> **TASK ITEM**
Please give back word for word the lines of the material below between the line containing "39.593C50.215 39.448 49.925" and the line containing "15.614C21.958 11.206 20.422", inclusive.

> **DATA SUPPLIED**

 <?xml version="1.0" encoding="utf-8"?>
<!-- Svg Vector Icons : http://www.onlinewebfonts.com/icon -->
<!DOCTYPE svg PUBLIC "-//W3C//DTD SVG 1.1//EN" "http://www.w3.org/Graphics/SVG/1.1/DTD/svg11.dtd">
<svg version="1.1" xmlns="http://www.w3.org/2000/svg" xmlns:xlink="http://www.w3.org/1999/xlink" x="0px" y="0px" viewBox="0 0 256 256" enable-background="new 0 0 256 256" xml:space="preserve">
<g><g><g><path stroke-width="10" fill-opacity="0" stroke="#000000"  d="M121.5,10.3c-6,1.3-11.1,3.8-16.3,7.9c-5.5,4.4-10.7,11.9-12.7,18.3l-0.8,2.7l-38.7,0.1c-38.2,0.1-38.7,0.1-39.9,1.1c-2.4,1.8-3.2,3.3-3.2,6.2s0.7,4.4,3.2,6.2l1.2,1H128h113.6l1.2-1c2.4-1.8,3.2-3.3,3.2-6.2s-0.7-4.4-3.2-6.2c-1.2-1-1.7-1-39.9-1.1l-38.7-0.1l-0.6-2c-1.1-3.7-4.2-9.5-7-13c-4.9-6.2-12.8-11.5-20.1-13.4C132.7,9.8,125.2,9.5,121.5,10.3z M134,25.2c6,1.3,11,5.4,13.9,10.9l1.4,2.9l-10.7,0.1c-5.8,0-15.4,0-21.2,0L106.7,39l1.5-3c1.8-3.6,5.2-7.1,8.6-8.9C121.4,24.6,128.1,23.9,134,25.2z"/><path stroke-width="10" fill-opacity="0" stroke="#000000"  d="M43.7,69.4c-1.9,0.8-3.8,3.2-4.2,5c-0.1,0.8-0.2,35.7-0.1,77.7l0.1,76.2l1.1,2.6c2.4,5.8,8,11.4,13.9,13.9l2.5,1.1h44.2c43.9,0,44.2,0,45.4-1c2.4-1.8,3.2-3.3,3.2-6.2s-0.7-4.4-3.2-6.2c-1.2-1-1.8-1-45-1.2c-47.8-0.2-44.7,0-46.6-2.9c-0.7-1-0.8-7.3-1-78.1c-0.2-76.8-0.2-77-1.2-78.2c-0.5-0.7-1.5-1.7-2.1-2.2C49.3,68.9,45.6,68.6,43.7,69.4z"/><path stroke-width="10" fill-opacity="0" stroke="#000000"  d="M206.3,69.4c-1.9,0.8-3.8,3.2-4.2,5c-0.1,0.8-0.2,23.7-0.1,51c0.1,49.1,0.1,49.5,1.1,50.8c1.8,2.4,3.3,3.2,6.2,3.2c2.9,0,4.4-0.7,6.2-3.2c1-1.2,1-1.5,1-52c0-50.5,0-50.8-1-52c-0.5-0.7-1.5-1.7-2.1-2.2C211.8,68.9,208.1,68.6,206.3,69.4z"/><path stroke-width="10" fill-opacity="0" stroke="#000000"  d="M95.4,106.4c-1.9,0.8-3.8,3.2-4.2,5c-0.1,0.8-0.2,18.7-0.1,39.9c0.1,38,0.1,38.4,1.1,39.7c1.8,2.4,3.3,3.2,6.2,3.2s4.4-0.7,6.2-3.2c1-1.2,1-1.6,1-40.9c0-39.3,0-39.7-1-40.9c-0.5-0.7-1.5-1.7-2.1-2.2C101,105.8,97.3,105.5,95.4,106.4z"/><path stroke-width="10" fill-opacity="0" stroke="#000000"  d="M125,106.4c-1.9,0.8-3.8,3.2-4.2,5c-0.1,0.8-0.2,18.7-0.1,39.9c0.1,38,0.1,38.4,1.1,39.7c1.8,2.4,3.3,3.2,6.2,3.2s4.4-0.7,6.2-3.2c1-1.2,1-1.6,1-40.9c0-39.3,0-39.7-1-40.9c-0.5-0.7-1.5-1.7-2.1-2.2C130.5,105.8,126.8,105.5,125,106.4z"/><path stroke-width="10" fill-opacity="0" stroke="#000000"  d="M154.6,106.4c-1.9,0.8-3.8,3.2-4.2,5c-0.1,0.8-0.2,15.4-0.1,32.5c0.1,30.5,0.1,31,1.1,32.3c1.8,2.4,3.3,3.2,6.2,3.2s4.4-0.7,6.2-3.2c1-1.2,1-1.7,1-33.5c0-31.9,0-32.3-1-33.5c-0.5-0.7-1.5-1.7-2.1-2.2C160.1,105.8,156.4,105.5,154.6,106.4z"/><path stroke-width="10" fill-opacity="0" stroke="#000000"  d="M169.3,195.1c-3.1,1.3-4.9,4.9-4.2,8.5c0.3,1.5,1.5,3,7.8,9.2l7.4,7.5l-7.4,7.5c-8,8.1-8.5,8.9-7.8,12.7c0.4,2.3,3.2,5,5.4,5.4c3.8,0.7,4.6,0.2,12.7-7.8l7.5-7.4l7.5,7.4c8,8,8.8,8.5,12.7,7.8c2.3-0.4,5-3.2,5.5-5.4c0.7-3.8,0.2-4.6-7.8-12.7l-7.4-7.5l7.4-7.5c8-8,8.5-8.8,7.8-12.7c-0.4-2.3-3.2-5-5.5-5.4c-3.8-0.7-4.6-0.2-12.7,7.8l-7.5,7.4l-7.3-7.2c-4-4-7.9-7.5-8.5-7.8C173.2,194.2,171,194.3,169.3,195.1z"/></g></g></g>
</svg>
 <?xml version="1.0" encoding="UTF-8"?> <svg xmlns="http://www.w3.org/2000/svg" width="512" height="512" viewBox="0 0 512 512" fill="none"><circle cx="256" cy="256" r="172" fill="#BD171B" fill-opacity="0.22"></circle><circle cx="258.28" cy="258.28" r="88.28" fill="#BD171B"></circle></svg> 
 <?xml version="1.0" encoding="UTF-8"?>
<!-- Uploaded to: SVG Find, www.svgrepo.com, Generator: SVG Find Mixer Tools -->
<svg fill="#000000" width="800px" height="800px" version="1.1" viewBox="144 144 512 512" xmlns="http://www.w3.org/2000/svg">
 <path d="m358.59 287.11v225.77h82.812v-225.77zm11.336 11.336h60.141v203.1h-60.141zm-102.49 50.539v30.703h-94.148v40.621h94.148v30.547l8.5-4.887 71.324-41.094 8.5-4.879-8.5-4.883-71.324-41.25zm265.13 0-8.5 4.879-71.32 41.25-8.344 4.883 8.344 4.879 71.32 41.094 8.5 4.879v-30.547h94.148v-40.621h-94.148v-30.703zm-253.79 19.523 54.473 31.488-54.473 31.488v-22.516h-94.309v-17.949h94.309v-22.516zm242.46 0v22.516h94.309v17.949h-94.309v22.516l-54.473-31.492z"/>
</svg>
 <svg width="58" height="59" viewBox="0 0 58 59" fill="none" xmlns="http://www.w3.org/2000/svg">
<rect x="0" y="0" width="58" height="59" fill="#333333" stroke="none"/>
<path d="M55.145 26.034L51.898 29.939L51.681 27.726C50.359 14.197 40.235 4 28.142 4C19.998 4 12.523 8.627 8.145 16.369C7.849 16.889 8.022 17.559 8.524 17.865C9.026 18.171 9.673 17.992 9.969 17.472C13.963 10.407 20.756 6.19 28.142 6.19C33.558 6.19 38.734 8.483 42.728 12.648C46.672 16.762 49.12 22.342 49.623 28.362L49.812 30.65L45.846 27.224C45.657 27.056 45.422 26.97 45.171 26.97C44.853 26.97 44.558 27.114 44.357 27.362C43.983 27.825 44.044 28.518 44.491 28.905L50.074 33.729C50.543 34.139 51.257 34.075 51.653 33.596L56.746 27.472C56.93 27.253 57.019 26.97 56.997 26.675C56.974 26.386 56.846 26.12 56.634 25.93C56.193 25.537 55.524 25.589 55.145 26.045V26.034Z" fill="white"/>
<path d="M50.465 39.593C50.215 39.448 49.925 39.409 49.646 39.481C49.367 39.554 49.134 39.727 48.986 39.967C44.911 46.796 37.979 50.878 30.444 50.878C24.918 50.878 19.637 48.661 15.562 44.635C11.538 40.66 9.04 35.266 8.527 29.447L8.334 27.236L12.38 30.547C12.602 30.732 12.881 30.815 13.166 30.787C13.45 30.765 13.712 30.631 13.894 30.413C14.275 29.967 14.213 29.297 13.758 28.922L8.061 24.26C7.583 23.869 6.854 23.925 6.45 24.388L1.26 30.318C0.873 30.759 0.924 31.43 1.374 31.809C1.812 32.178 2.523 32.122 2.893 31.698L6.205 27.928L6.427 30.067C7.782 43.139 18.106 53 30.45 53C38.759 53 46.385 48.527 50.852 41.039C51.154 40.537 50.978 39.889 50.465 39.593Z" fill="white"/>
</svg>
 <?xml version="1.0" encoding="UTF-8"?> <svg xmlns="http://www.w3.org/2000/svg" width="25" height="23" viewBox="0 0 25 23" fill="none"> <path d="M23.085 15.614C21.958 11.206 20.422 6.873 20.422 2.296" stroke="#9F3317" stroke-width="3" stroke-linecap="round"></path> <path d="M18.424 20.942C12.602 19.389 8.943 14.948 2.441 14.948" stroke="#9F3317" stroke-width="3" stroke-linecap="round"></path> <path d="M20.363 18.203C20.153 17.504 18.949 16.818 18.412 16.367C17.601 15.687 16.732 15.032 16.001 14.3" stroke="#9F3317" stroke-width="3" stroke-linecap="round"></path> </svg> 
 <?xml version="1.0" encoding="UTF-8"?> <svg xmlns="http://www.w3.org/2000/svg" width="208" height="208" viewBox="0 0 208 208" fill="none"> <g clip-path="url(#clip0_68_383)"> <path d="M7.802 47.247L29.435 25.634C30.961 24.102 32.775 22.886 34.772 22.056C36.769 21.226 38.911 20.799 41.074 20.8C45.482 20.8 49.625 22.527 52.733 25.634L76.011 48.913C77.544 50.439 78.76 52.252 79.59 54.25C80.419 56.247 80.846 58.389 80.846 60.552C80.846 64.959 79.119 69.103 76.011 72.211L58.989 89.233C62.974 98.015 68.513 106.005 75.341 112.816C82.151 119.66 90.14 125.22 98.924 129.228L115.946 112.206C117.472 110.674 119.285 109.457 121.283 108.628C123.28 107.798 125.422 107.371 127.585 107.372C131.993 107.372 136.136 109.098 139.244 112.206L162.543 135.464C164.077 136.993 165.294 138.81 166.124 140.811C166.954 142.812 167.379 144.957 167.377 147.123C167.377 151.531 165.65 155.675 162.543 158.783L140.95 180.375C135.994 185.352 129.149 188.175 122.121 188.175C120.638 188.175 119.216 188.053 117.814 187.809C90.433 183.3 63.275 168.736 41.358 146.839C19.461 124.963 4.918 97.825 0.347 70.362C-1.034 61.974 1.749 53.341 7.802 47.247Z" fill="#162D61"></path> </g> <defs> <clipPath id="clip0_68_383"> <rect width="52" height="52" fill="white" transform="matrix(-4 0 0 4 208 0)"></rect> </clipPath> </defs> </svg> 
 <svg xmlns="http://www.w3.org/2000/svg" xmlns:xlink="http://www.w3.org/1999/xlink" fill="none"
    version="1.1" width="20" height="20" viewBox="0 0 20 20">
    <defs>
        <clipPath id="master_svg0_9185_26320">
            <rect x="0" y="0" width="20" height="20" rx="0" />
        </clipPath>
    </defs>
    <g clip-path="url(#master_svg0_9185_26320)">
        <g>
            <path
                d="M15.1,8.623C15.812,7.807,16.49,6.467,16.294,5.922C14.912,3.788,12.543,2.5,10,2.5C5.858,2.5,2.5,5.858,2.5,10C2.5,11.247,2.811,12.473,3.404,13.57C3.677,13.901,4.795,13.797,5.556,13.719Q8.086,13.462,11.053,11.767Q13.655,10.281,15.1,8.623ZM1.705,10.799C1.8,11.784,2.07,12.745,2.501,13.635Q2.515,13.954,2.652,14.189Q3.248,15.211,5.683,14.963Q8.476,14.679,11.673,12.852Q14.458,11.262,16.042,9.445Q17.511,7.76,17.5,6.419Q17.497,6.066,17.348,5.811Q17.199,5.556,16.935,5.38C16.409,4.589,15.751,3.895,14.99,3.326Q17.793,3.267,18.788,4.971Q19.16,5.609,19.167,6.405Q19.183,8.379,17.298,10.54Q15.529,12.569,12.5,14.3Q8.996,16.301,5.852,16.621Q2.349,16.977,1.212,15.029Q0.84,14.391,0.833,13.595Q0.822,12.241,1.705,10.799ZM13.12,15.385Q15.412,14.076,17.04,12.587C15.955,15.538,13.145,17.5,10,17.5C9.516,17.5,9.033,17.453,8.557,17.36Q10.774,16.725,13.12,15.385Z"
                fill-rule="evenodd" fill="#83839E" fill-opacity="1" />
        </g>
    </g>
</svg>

> **EXPECTED OUTPUT**
<path d="M50.465 39.593C50.215 39.448 49.925 39.409 49.646 39.481C49.367 39.554 49.134 39.727 48.986 39.967C44.911 46.796 37.979 50.878 30.444 50.878C24.918 50.878 19.637 48.661 15.562 44.635C11.538 40.66 9.04 35.266 8.527 29.447L8.334 27.236L12.38 30.547C12.602 30.732 12.881 30.815 13.166 30.787C13.45 30.765 13.712 30.631 13.894 30.413C14.275 29.967 14.213 29.297 13.758 28.922L8.061 24.26C7.583 23.869 6.854 23.925 6.45 24.388L1.26 30.318C0.873 30.759 0.924 31.43 1.374 31.809C1.812 32.178 2.523 32.122 2.893 31.698L6.205 27.928L6.427 30.067C7.782 43.139 18.106 53 30.45 53C38.759 53 46.385 48.527 50.852 41.039C51.154 40.537 50.978 39.889 50.465 39.593Z" fill="white"/>
</svg>
 <?xml version="1.0" encoding="UTF-8"?> <svg xmlns="http://www.w3.org/2000/svg" width="25" height="23" viewBox="0 0 25 23" fill="none"> <path d="M23.085 15.614C21.958 11.206 20.422 6.873 20.422 2.296" stroke="#9F3317" stroke-width="3" stroke-linecap="round"></path> <path d="M18.424 20.942C12.602 19.389 8.943 14.948 2.441 14.948" stroke="#9F3317" stroke-width="3" stroke-linecap="round"></path> <path d="M20.363 18.203C20.153 17.504 18.949 16.818 18.412 16.367C17.601 15.687 16.732 15.032 16.001 14.3" stroke="#9F3317" stroke-width="3" stroke-linecap="round"></path> </svg> 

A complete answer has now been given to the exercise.